He didn’t need to mention fear—I was scared enough myself now, what with him spouting this ghost-guff, this spiritualism blather put far more precisely than any spiritualist would dare, this ‘ obviously firmly held and elaborately rationalized delusion, this perfect symbolization of a truly insane desire for power over women—filing them away in envelopes!—and then when he got bug-eyed and brandished those foot-long stiletto-shears . . . Jeff Crain had warned me Slyker was “nuts—brilliant, but completely nuts and definitely dangerous,” and I hadn’t believed it, hadn’t really visualized myself frozen on the medium’s throne, locked in (“no one without explosives”) with the madman himself. It cost me a lot of effort to keep on the acolyte’s mask and simper adoringly at the Master.
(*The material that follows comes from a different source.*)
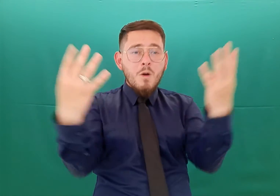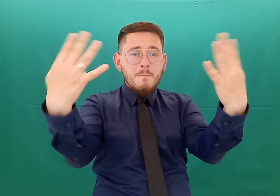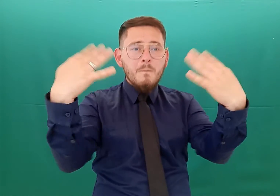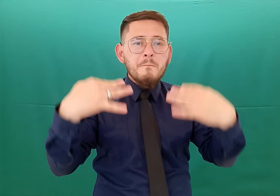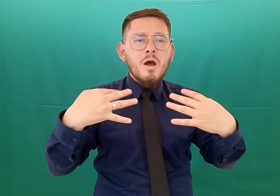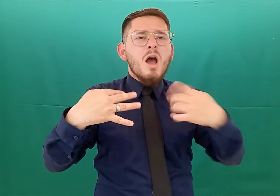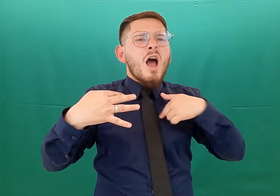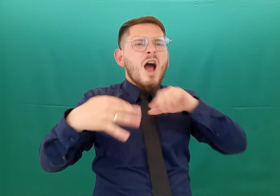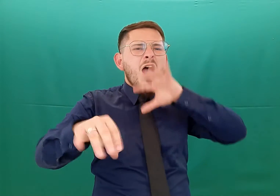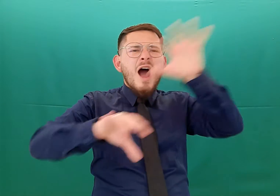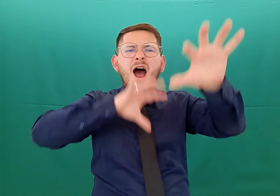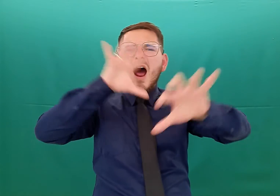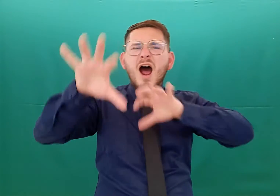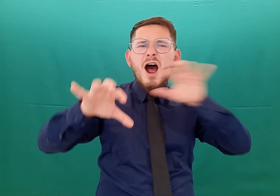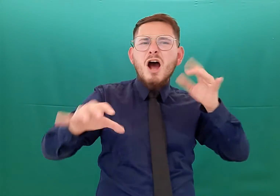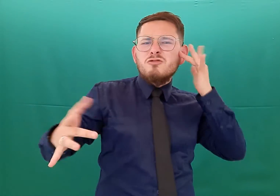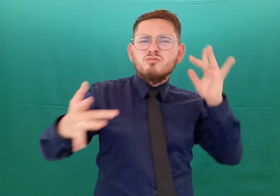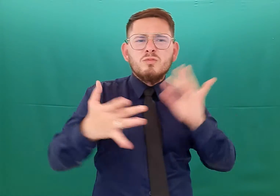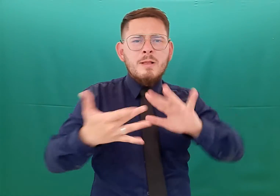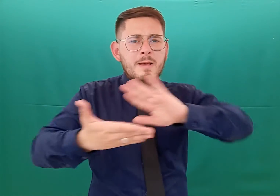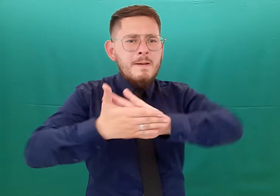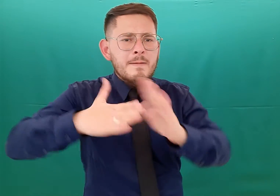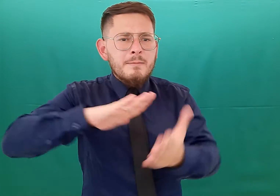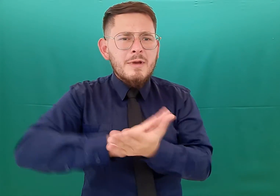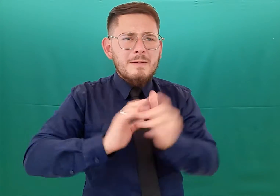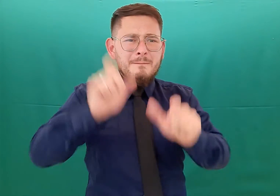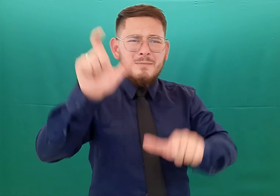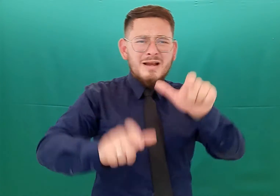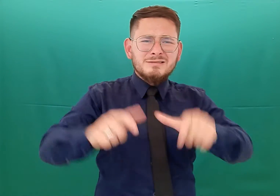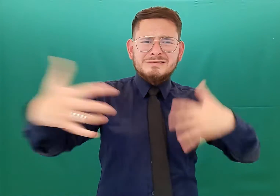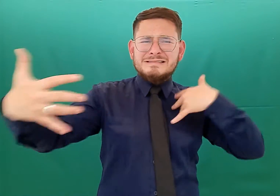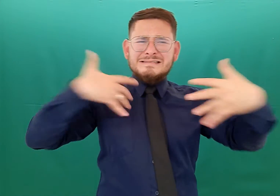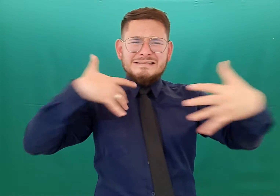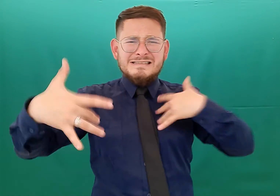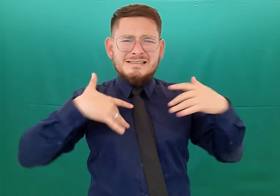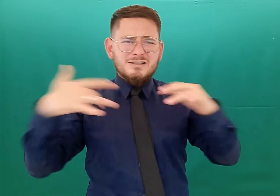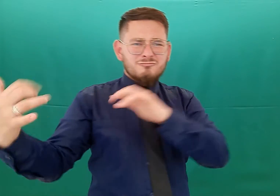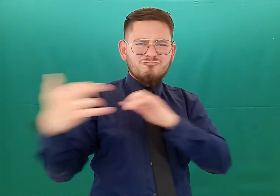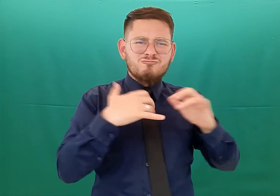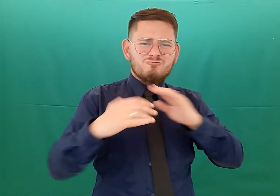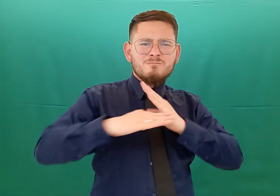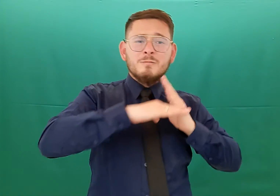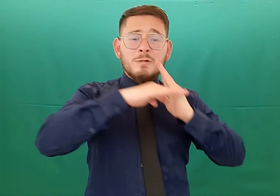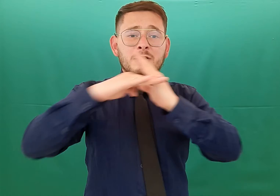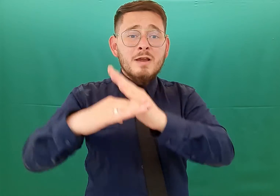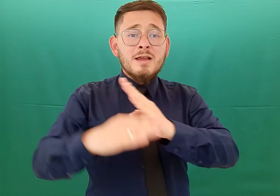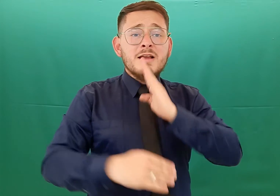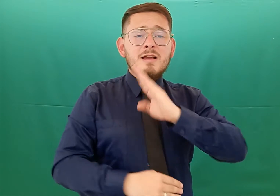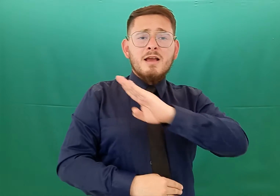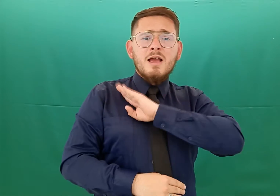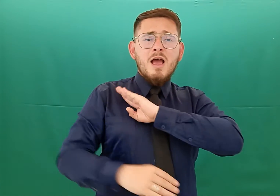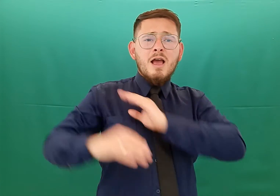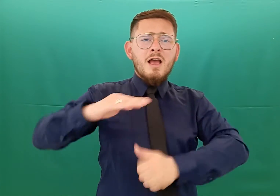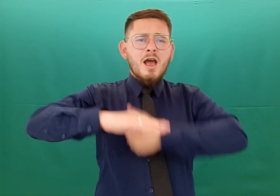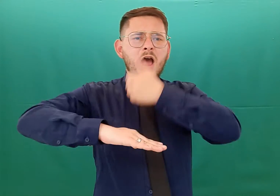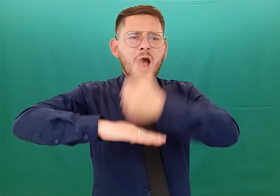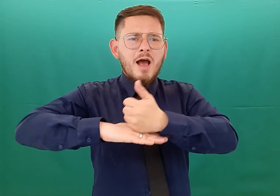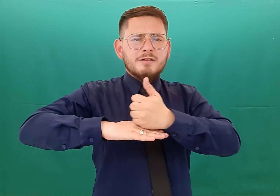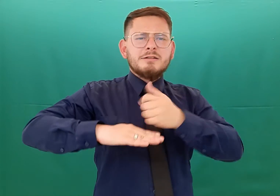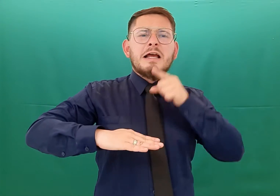y las víctimas de la guerra. El alcalde de la ciudad, Alejandro Fónimo González, será el encargado de la oración de la luz en un acto simbólico que de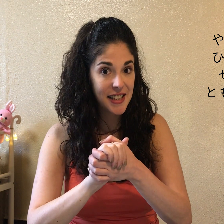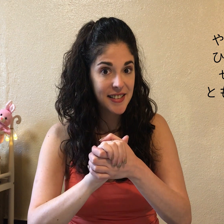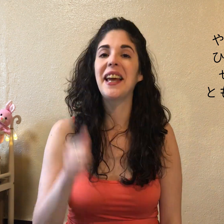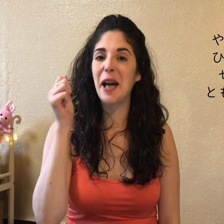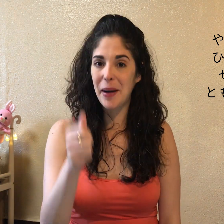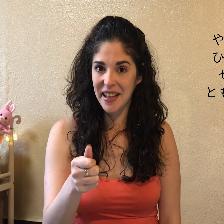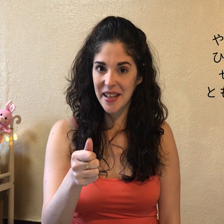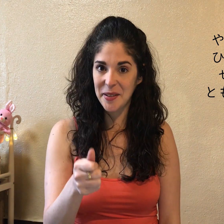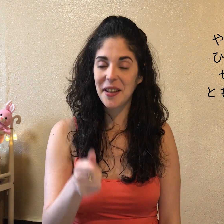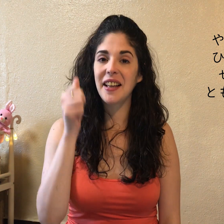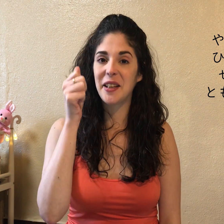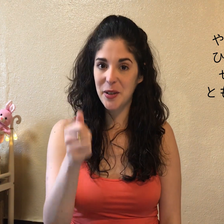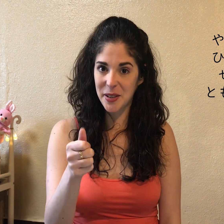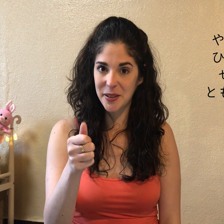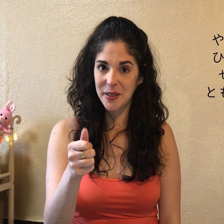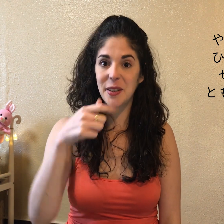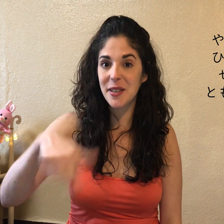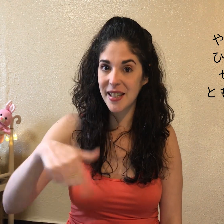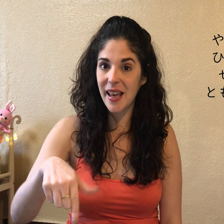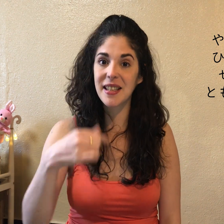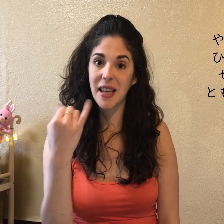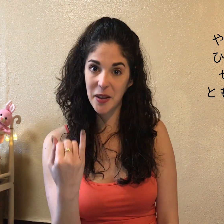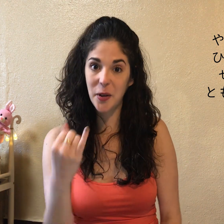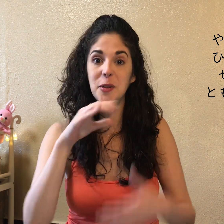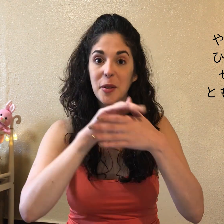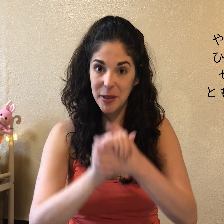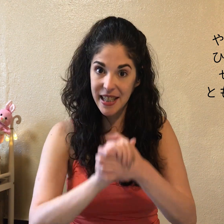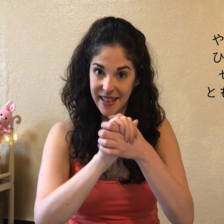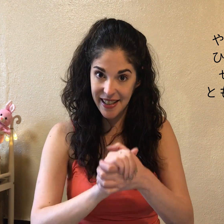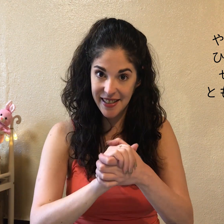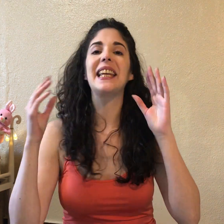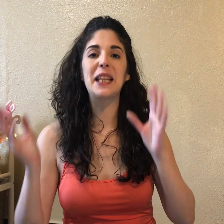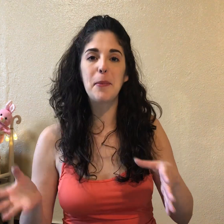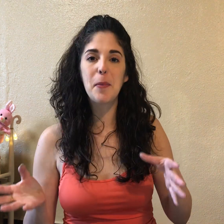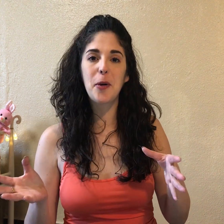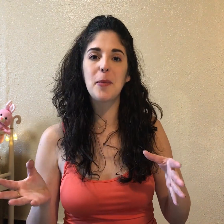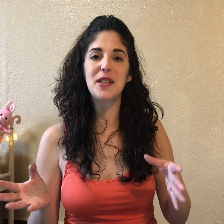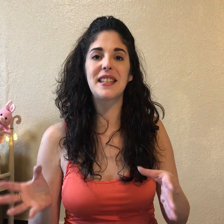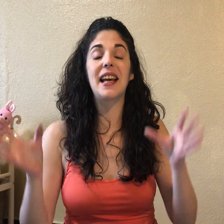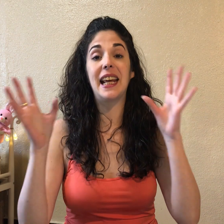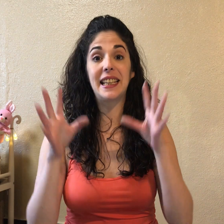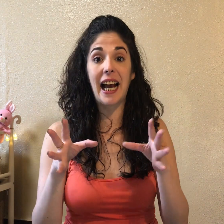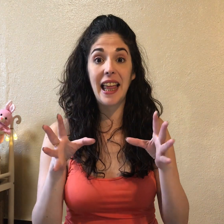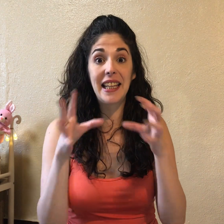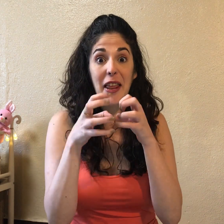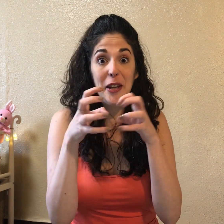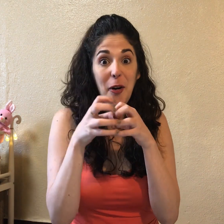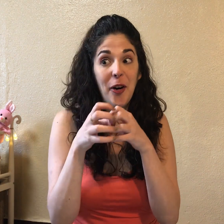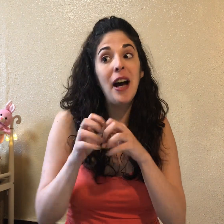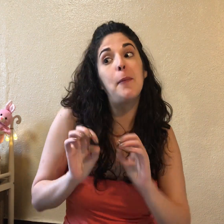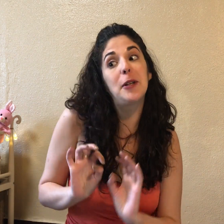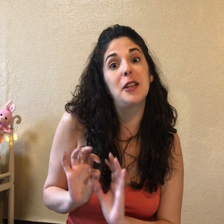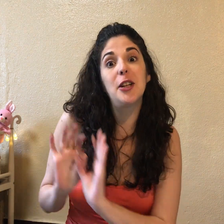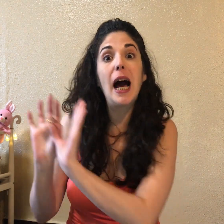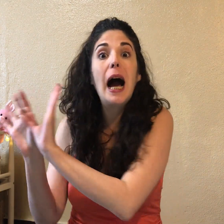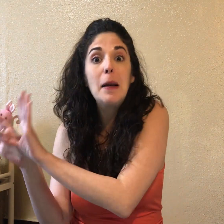Y también podemos hacer esta cadena de no poniéndola al

My attitude still seemed to be fooling him, though he was studying me in a funny way, for he went on, “All right, Carr, I’ll show you the girls, or at least one, though we’ll have to put out all the lights after a bit—that’s why I keep the window shuttered so tightly—and wait for our eyes to accommodate. But which one should it be?—we have a large field of choice. I think since it’s your first and probably your last, it should be someone out of the ordinary, don’t you think, someone who’s just a little bit special? Wait a second— I know.” And his hand shot under the desk where it must have touched a hidden button, for a shallow drawer shot out from a place where there didn’t seem to be room for one. He took from it a single fat file folder that had been stored flat and laid it on his knees.
Then he began to talk again in his reminiscing voice and damn if it wasn’t so cool and knowing that it started to pull me back toward the river of girls and set me thinking that this man wasn’t really crazy, only extremely eccentric, maybe the eccentricity of genius, maybe he actually had hit on a hitherto unknown phenomenon depending on the more obscure properties of mind and matter, describing it to me in whimsically florid jargon, maybe he really had discovered something in one of the blind spots of modern science-and-psychology’s picture of the universe.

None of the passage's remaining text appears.